The use of soya lecithin (a mixture of phosphatides and lipids) in combination with a dispersing agent such as Tween.RTM. 80 (a polyoxyethylene sorbitan monooleate) in water to neutralize quaternary bactericides is known in the art (Tween is a registered trademark of ICI United States, Inc. ). It is believed that soya lecithin acts as the neutralizer while Tween 80 is used as a dispersing and solubilizing agent for the soya lecithin which is insoluble in water.
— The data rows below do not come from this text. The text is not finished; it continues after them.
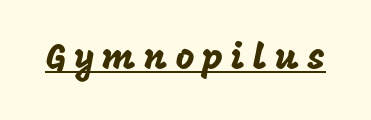
Q: Is the text italic (slanted)? A: Yes.
Q: Is the typeface a serif or a sans-serif typeface? A: Sans-serif.
Q: Is the text underlined? A: Yes.
Q: Is the spacing between letters normal or unusually wide? A: Unusually wide.
Q: Width (condensed, normal, or wide)? A: Normal.
Q: Stroke contrast? A: Low.
Q: x-height? A: Large.
Q: Monospaced? A: No.
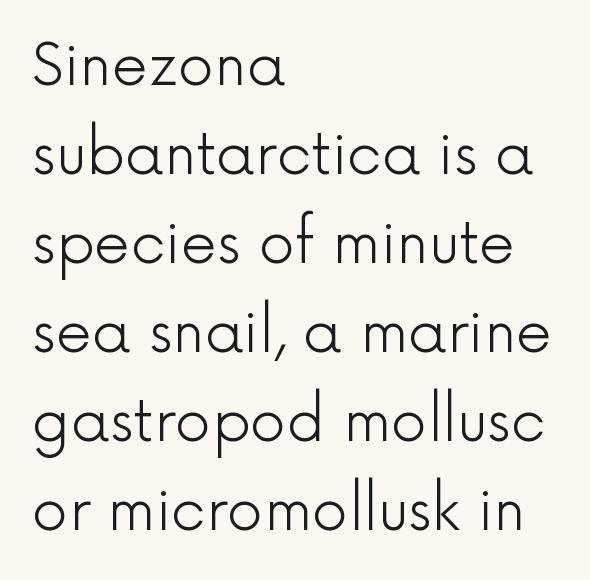
Q: Is the text bold? A: No.
Q: Is the text italic (slanted)? A: No, it is upright.
Q: Is the typeface a serif or a sans-serif typeface? A: Sans-serif.
Q: Is the text underlined? A: No.
Q: How is the paragraph aligned? A: Left-aligned.
Q: Is the spacing between letters normal or unusually wide? A: Normal.
Q: Is the spacing between lines tight, normal or loose? A: Normal.
Q: Width (condensed, normal, or wide)? A: Normal.
Q: x-height? A: Medium.
Q: Monospaced? A: No.
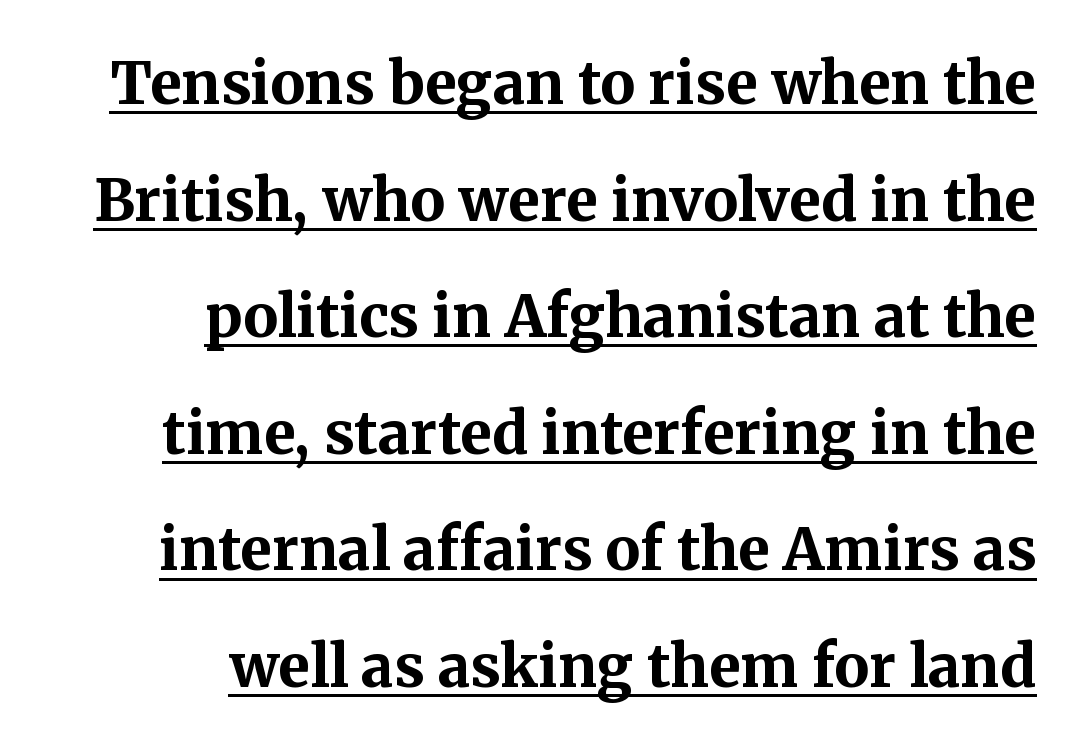
Compared with undecorated copy, this sample adds a rule below the words. Ascenders rise straight up at ninety degrees. The face used here is rendered with its standard letterfit. Look at the stroke-to-counter ratio: heavy, a bold.
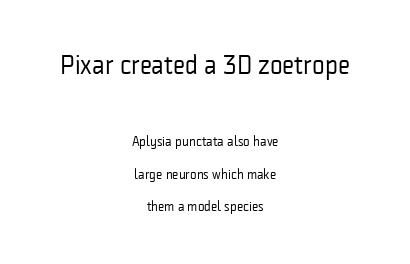
Q: Is the text bold? A: No.
Q: Is the text italic (slanted)? A: No, it is upright.
Q: Is the text underlined? A: No.
Q: How is the paragraph aligned? A: Centered.
Q: Is the spacing between letters normal or unusually wide? A: Normal.
Q: Is the spacing between lines tight, normal or loose? A: Loose.
Q: Which block of text is set in a larger size, the first (top) or the second (bottom)? A: The first (top) one.
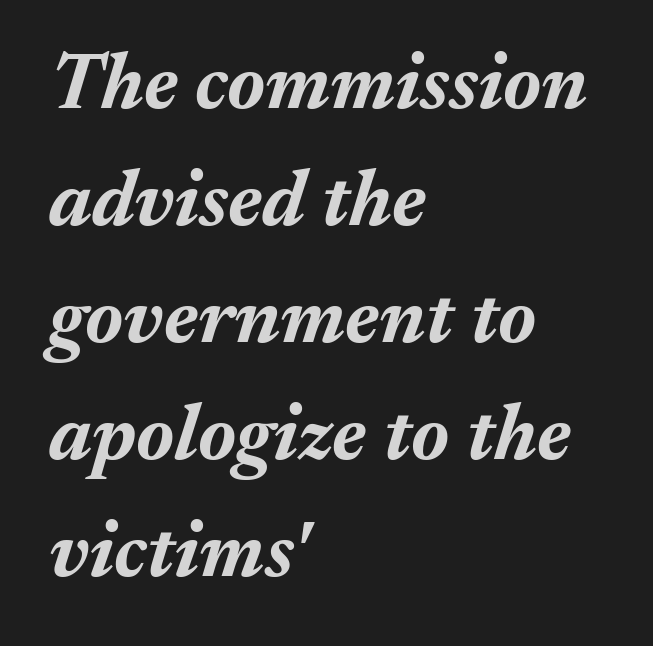
The image shows 79 px bold type, italic (leaning right); set left-aligned, normal line spacing (1.48x), normal letter spacing, not underlined; medium stroke contrast and a medium x-height.
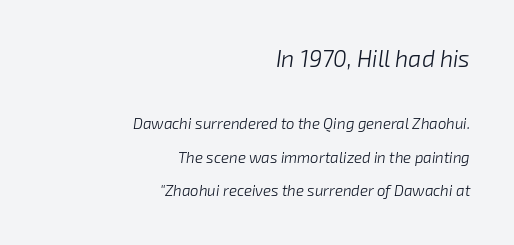
The image shows 23 px text type, italic (leaning right); set right-aligned, loose line spacing (2.24x), normal letter spacing, not underlined; the first (top) block is 1.53x larger.
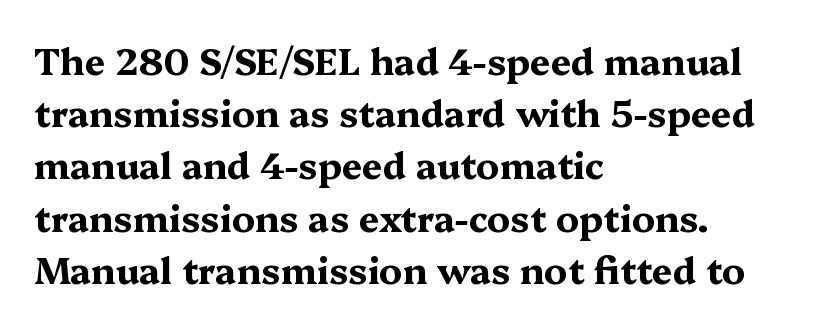
The strip under each line holds only bare page. The type family on display is of the serif kind. Is the type bold? Yes — the strokes are clearly thick and heavy. Italic: no, the glyphs are upright roman. This sample uses plain, unmodified letter spacing. Note the varied advance widths — an 'i' is clearly narrower than an 'm'.

While this material has been utilized for neutralizing the toxicity of quaternary ammonium antimicrobials towards microorganisms such as bacteria, it has not been suggested that soya lecithin would be effective at protecting higher orders of aquatic life such as fish, plaktonic and benthic macroinvertebrates and zooplankton assemblages. Within the scope of the present invention, higher orders of aquatic life refers to life forms such as macroinvertebrates and fish.